** Opening Dataset entries block **

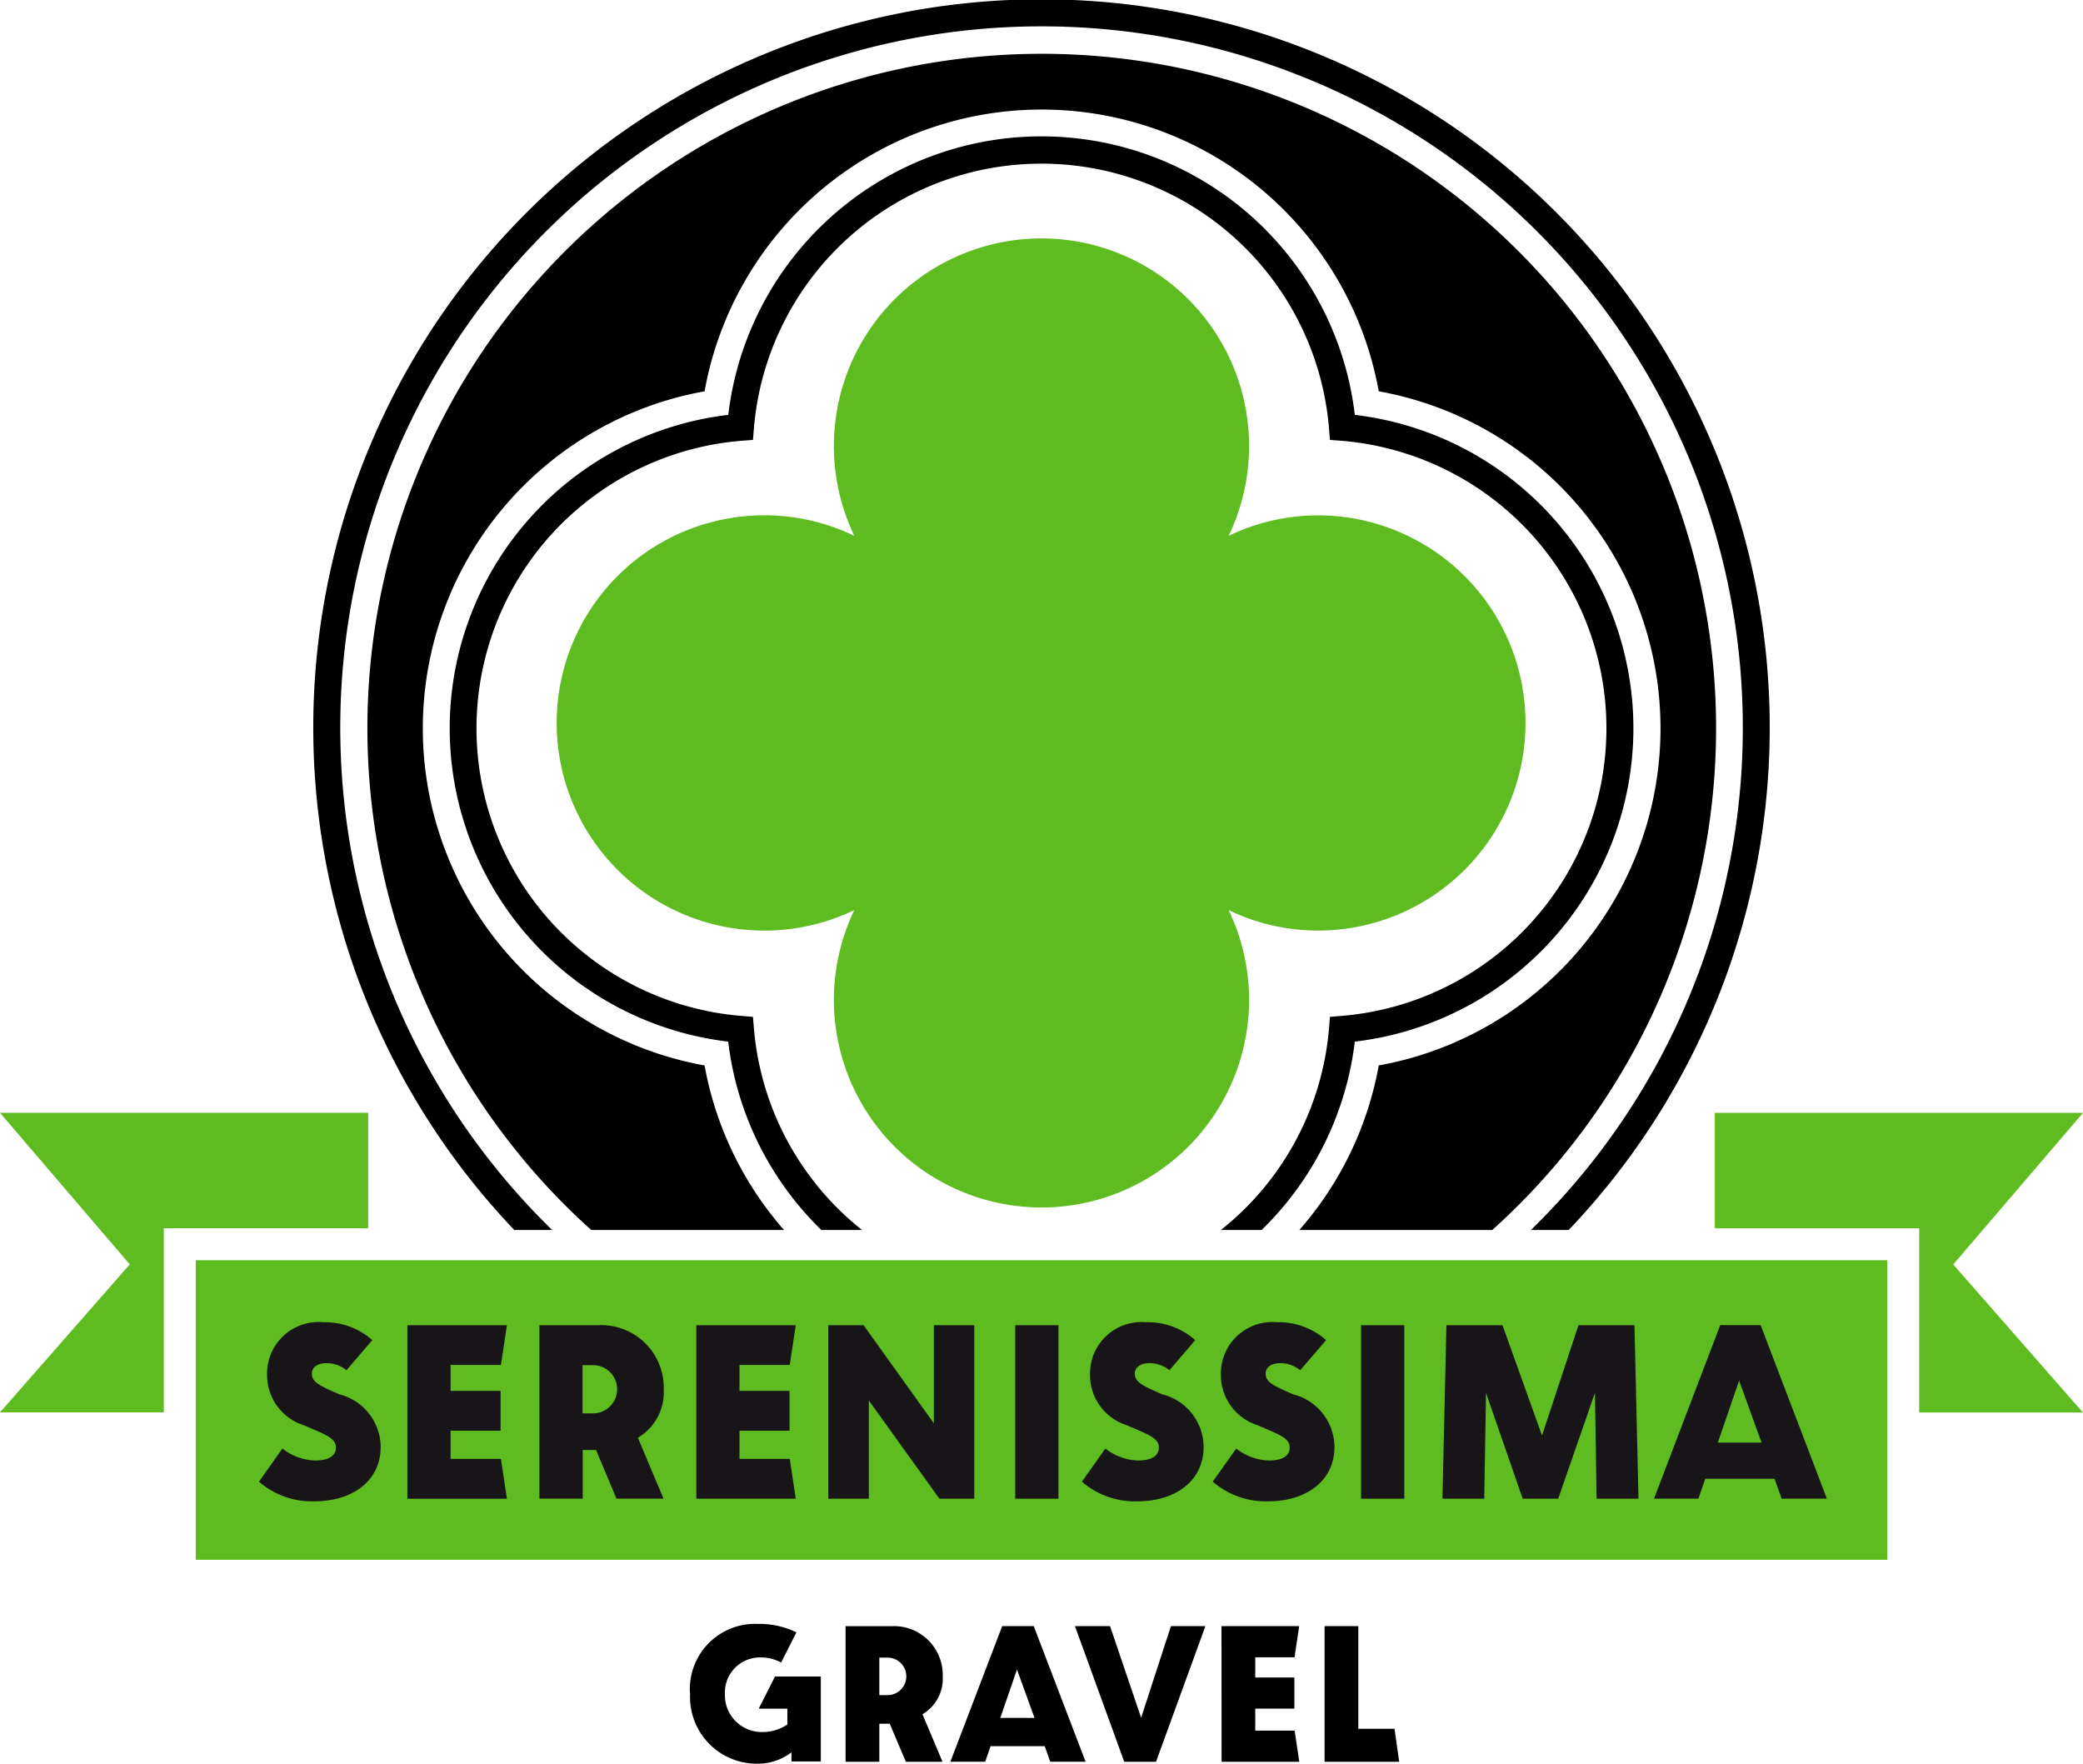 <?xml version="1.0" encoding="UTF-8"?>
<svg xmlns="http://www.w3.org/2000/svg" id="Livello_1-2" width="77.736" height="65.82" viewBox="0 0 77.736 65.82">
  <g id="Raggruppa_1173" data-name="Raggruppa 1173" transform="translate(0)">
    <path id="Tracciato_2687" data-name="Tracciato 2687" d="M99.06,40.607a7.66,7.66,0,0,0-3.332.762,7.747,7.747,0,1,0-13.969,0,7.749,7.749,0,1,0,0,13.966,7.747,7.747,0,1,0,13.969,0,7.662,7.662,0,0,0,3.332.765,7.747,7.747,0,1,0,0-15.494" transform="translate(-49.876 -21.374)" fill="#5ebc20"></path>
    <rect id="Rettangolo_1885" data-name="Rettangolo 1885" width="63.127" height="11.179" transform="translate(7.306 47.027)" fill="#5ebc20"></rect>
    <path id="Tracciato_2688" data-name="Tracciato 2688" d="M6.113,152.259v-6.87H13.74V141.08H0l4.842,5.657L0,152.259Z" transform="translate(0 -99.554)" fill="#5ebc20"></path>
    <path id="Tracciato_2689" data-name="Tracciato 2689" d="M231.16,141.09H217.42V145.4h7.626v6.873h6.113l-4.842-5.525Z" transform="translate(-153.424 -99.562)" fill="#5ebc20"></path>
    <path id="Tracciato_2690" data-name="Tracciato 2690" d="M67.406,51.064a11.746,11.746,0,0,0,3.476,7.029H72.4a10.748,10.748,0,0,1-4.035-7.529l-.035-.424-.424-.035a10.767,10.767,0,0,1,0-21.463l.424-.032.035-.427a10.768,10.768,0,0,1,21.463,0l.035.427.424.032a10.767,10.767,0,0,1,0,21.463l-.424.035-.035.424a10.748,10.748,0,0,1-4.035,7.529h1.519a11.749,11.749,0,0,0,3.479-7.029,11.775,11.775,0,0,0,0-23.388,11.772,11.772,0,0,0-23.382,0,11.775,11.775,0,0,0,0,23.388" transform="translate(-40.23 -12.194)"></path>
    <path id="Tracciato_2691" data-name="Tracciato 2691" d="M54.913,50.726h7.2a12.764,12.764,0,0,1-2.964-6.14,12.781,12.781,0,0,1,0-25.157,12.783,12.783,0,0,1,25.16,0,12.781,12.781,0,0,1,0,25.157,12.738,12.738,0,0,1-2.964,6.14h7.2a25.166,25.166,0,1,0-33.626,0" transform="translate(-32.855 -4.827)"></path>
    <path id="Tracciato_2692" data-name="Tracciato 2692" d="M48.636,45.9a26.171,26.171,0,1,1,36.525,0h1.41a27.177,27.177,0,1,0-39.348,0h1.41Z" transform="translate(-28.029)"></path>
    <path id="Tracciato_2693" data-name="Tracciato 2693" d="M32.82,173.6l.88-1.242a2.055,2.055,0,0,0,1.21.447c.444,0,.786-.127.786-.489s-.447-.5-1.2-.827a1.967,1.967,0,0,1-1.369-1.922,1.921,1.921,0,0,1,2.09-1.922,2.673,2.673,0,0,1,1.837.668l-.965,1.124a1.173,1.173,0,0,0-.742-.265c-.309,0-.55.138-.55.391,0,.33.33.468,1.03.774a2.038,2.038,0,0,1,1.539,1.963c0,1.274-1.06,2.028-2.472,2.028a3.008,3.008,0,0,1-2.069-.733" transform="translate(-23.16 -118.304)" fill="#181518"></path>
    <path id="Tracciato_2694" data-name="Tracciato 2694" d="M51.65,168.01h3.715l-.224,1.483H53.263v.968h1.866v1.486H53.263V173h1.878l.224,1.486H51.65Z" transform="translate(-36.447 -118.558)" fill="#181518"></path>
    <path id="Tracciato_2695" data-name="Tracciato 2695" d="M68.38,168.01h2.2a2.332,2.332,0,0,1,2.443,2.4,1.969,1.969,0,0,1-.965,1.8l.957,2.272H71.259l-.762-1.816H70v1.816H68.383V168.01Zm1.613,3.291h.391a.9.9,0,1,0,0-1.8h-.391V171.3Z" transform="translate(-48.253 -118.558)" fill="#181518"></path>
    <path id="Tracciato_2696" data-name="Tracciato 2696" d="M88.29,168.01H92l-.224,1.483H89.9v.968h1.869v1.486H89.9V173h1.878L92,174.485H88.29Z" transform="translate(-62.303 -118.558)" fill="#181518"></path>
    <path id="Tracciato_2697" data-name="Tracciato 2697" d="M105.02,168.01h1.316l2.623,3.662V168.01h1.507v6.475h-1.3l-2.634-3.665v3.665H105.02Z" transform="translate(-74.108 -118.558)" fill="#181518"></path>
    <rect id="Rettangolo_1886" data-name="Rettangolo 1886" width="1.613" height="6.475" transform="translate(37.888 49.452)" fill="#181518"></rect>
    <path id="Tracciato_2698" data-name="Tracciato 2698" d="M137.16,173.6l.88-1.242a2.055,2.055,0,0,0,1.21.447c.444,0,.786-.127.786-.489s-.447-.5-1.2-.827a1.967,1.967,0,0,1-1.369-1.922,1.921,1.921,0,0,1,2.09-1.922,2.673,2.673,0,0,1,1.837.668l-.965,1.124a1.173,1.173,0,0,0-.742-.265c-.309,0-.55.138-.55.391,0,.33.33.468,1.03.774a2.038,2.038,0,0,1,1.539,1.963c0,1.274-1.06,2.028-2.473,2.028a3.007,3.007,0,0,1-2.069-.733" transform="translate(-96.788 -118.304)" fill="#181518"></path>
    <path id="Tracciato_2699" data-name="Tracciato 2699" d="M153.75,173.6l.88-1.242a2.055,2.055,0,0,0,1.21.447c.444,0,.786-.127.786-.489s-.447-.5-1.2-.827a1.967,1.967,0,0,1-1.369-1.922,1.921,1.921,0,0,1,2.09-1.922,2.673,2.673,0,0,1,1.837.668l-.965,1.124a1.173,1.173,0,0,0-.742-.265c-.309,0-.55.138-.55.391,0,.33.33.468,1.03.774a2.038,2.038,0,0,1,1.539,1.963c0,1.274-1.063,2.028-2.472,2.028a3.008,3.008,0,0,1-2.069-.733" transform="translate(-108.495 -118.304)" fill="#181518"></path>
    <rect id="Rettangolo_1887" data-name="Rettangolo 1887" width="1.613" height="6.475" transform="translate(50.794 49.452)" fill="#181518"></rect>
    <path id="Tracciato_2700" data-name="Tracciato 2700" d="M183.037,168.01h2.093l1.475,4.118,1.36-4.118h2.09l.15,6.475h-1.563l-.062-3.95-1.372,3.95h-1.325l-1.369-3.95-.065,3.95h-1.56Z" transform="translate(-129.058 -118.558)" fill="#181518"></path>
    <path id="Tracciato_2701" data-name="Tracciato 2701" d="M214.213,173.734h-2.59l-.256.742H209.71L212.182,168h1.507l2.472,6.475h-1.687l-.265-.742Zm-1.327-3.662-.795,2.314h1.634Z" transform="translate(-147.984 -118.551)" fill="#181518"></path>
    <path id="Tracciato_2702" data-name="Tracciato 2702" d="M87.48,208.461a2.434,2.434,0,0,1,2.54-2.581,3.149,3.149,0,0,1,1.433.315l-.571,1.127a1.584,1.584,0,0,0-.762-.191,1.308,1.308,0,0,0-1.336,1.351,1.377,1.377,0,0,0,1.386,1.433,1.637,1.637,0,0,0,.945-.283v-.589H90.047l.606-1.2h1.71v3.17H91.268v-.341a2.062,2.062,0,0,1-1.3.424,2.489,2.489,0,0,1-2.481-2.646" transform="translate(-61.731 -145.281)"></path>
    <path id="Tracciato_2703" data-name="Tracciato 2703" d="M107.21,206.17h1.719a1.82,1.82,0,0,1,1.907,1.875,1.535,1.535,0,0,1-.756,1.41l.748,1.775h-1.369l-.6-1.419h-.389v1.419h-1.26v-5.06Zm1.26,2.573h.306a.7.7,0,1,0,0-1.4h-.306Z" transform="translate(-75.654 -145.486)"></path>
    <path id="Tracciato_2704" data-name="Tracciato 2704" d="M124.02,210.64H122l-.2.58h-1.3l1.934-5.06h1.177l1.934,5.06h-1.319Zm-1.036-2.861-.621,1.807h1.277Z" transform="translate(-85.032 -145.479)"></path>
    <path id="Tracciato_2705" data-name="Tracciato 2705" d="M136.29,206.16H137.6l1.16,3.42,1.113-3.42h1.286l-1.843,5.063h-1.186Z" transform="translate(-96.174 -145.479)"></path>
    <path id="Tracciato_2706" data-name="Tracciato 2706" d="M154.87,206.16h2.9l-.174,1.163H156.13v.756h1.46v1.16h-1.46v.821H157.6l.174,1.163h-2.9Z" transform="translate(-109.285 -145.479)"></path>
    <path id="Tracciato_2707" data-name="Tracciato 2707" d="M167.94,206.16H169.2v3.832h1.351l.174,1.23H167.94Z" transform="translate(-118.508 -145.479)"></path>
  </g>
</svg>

** Closing Dataset entries block **

Problem statement — Every line in the records above that contains the word "Rettangolo" is to be copied out.

Written solution —
    <rect id="Rettangolo_1885" data-name="Rettangolo 1885" width="63.127" height="11.179" transform="translate(7.306 47.027)" fill="#5ebc20"></rect>
    <rect id="Rettangolo_1886" data-name="Rettangolo 1886" width="1.613" height="6.475" transform="translate(37.888 49.452)" fill="#181518"></rect>
    <rect id="Rettangolo_1887" data-name="Rettangolo 1887" width="1.613" height="6.475" transform="translate(50.794 49.452)" fill="#181518"></rect>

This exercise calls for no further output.